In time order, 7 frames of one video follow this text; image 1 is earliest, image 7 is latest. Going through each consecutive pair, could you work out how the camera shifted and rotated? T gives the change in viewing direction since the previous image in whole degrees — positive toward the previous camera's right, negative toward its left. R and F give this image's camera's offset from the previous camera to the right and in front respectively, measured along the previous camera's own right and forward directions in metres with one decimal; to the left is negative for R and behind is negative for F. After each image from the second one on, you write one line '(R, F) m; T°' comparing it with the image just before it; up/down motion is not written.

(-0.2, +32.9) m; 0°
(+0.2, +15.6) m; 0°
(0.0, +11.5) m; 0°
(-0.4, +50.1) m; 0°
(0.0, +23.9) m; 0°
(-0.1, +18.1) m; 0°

----------------

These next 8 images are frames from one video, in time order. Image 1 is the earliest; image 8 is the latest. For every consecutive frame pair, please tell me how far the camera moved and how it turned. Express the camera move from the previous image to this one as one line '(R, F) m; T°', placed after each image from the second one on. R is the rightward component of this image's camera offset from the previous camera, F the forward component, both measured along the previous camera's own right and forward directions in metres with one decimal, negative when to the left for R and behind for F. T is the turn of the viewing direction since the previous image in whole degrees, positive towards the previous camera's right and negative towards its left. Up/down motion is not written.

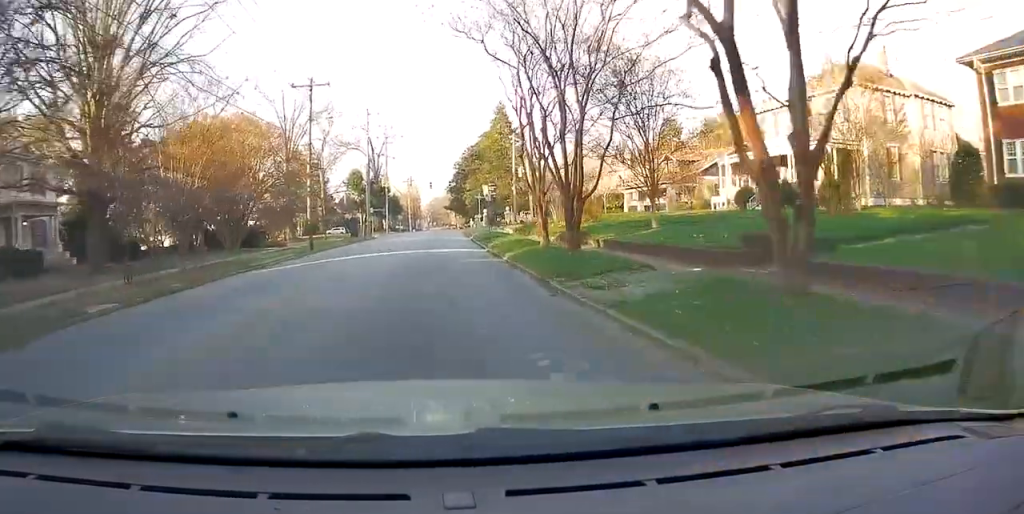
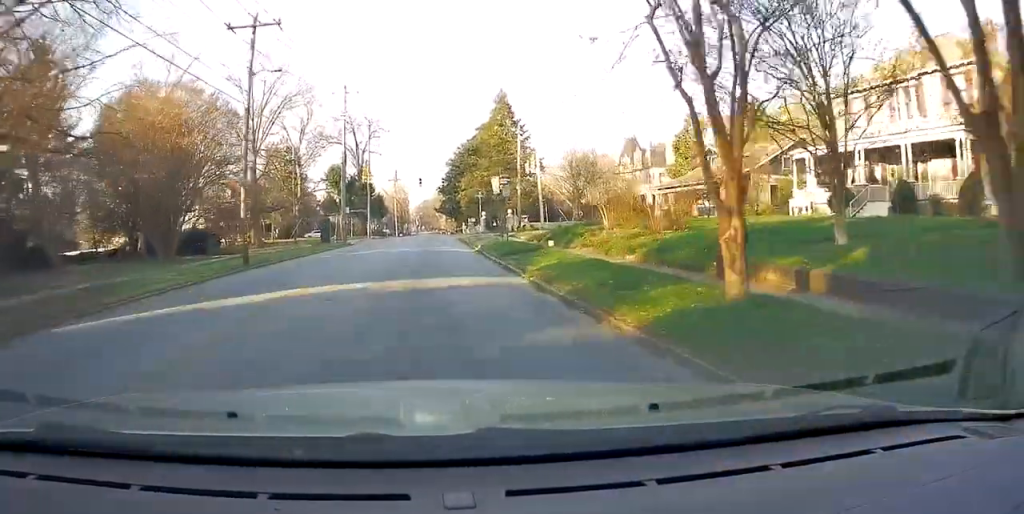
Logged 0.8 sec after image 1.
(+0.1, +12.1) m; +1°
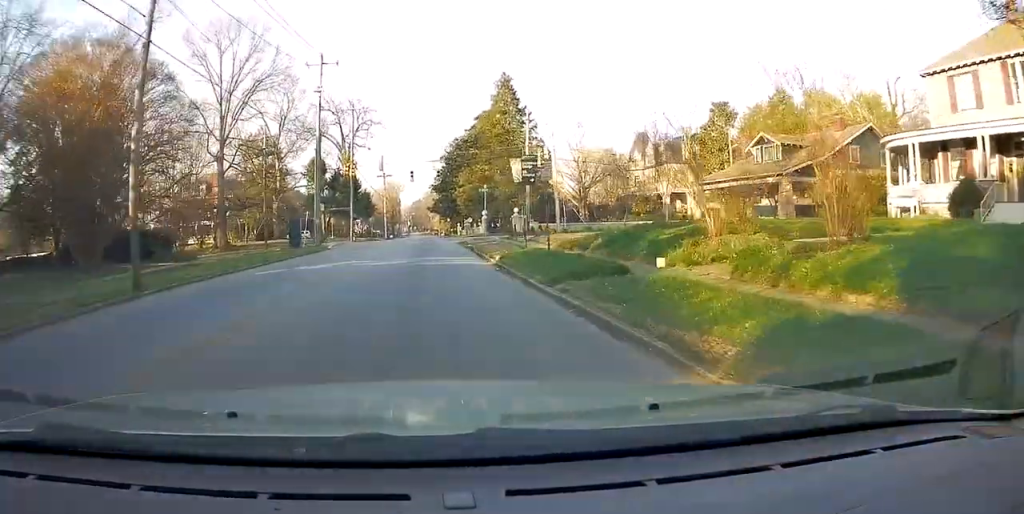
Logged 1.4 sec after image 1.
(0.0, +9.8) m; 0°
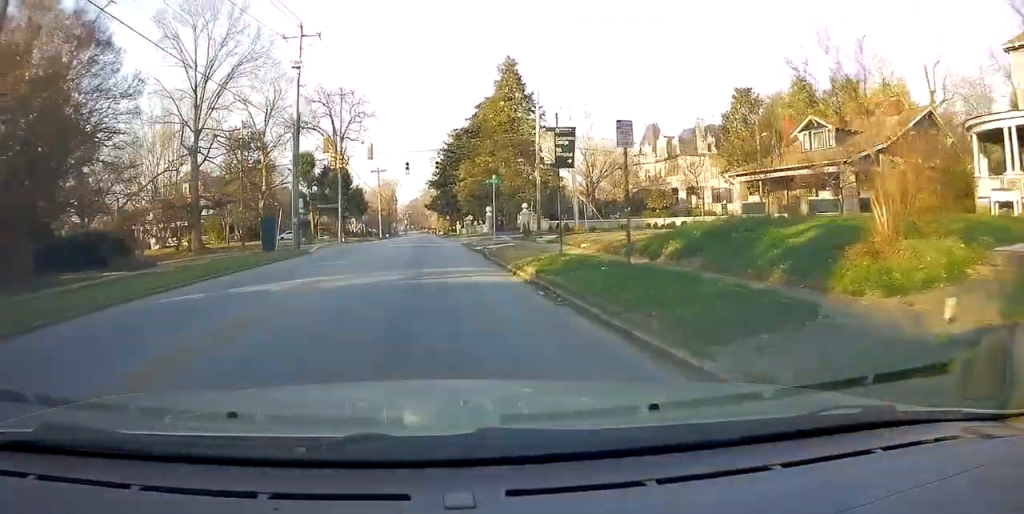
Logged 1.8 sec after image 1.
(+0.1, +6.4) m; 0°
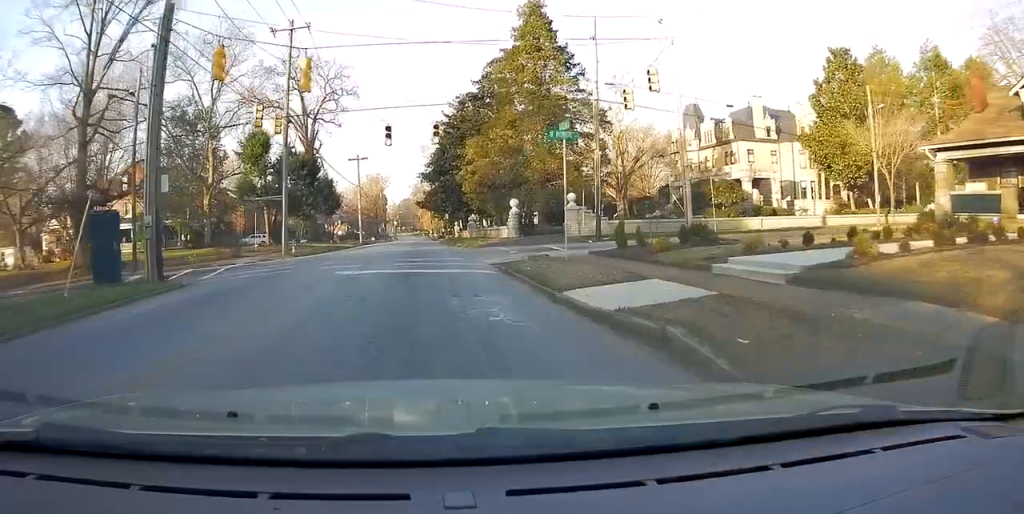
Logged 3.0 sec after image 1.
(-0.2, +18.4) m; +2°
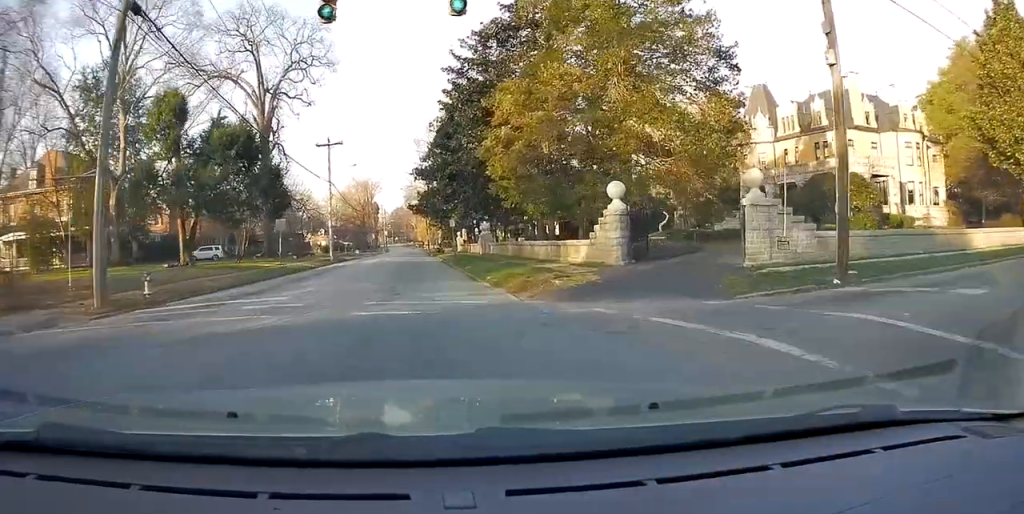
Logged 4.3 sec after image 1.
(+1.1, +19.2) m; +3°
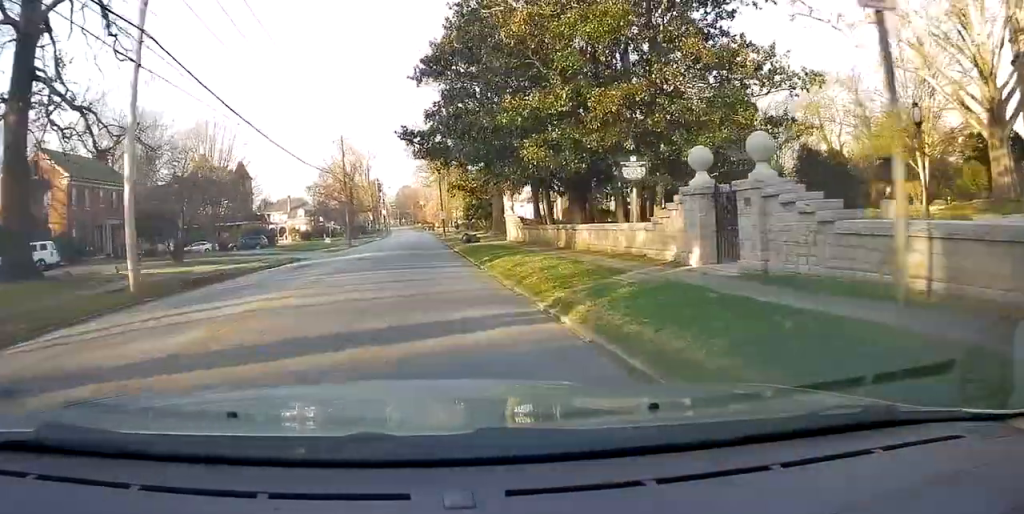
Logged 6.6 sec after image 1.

----------------

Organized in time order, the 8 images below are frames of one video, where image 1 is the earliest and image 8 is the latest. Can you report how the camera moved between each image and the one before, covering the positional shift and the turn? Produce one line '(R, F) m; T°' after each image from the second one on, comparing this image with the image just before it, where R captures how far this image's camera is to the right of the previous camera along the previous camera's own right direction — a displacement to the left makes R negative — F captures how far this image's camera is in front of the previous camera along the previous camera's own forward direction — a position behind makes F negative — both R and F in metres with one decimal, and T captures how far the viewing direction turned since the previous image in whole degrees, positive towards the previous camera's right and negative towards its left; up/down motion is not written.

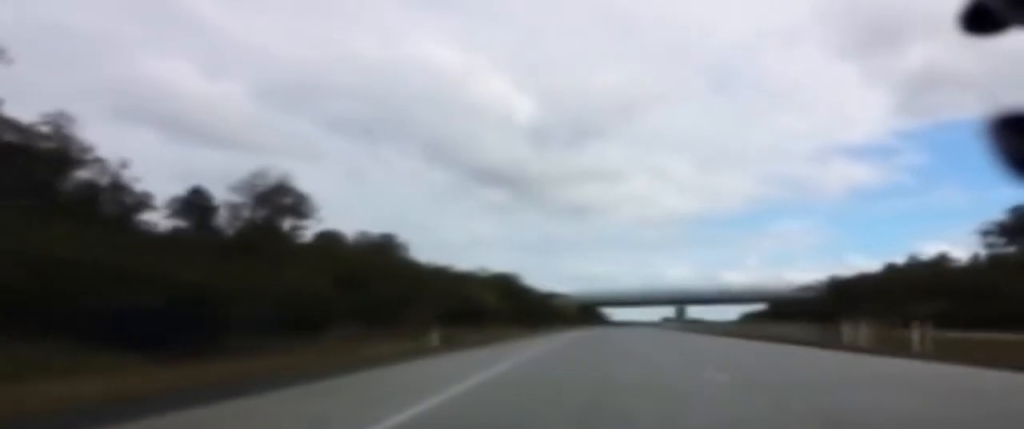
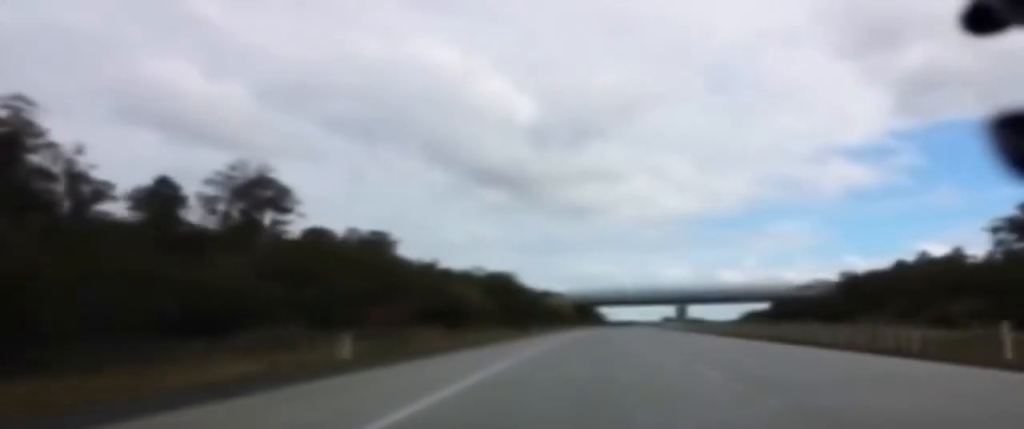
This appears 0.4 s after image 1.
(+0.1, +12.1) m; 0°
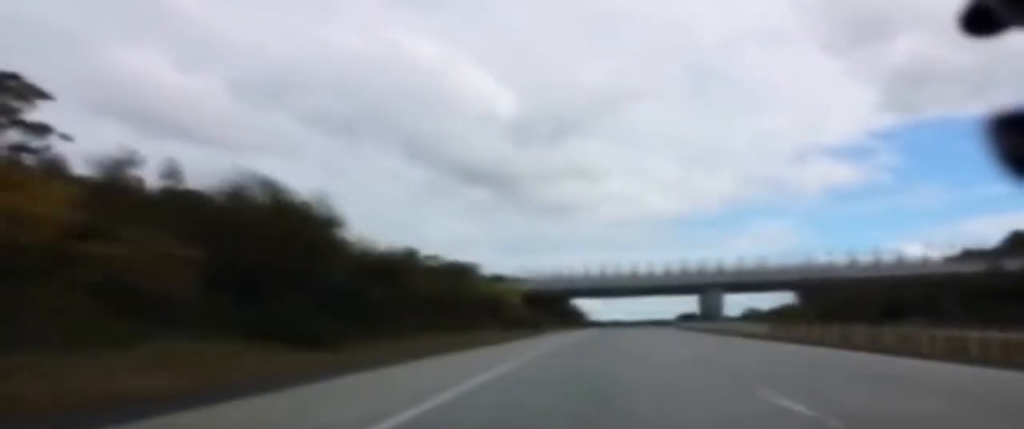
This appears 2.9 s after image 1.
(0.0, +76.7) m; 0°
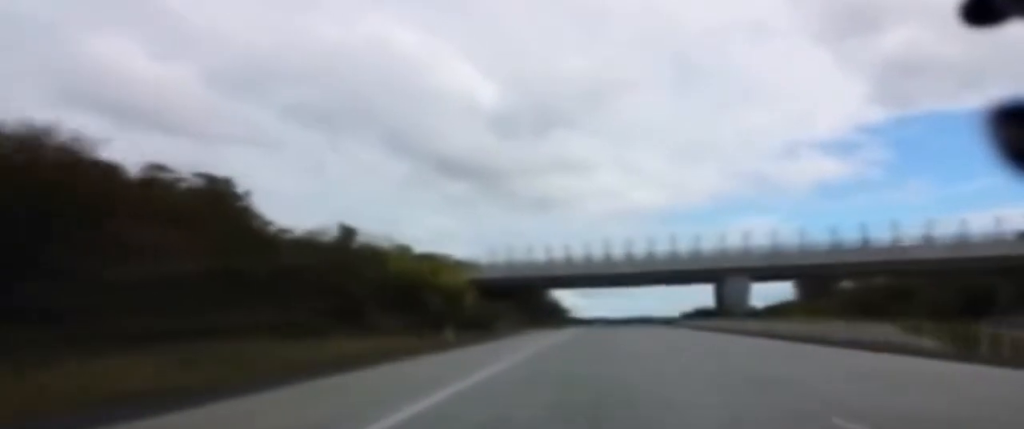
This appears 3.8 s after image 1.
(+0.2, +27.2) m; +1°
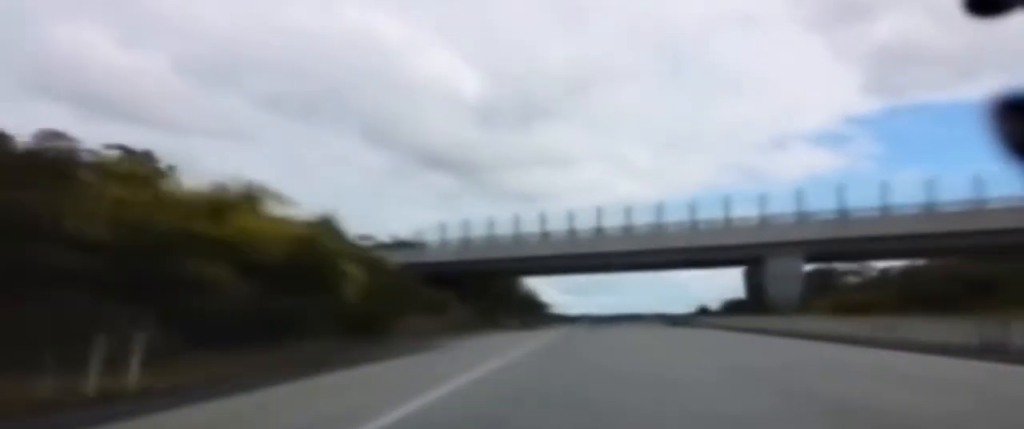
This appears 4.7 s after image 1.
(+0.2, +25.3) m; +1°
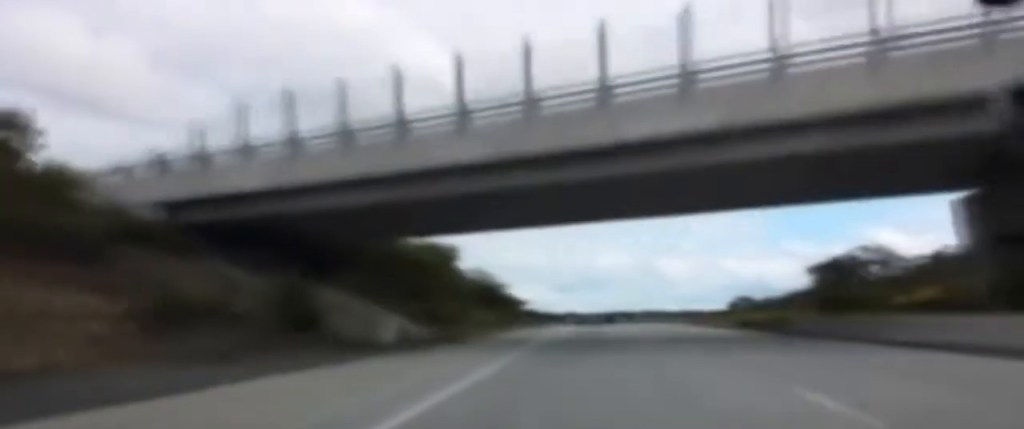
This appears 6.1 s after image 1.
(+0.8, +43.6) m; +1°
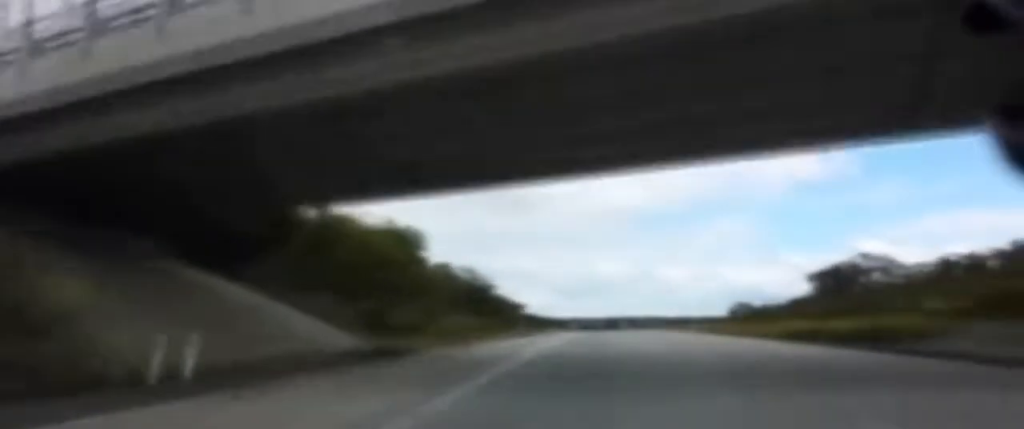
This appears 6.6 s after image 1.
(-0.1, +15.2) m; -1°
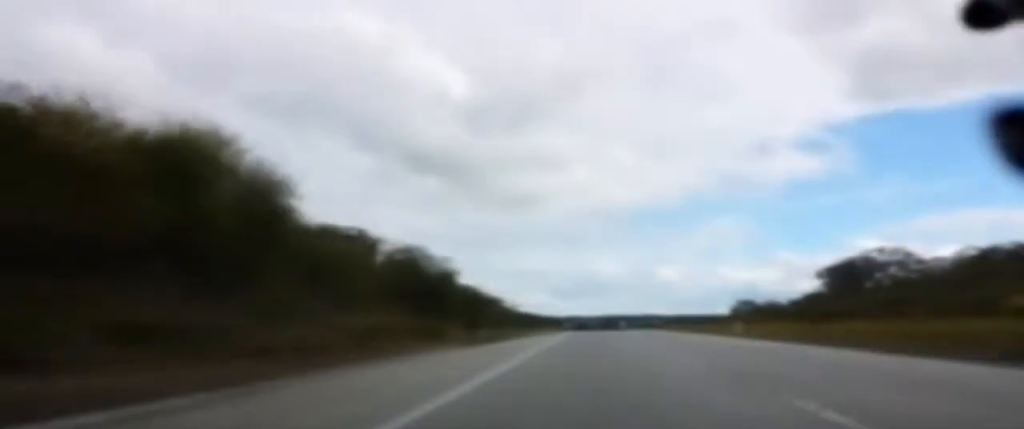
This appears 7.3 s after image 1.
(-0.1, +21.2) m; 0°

----------------

▶ **Exercise instructions**: Taking the records above, print only and exactly the lines from the line with "Logged 3.0 sec after image 1." to the line with "Logged 6.6 sec after image 1.", both kept, and exclude pictures.

▶ **Solution to the problem**:
Logged 3.0 sec after image 1.
(-0.2, +18.4) m; +2°
Logged 4.3 sec after image 1.
(+1.1, +19.2) m; +3°
Logged 6.6 sec after image 1.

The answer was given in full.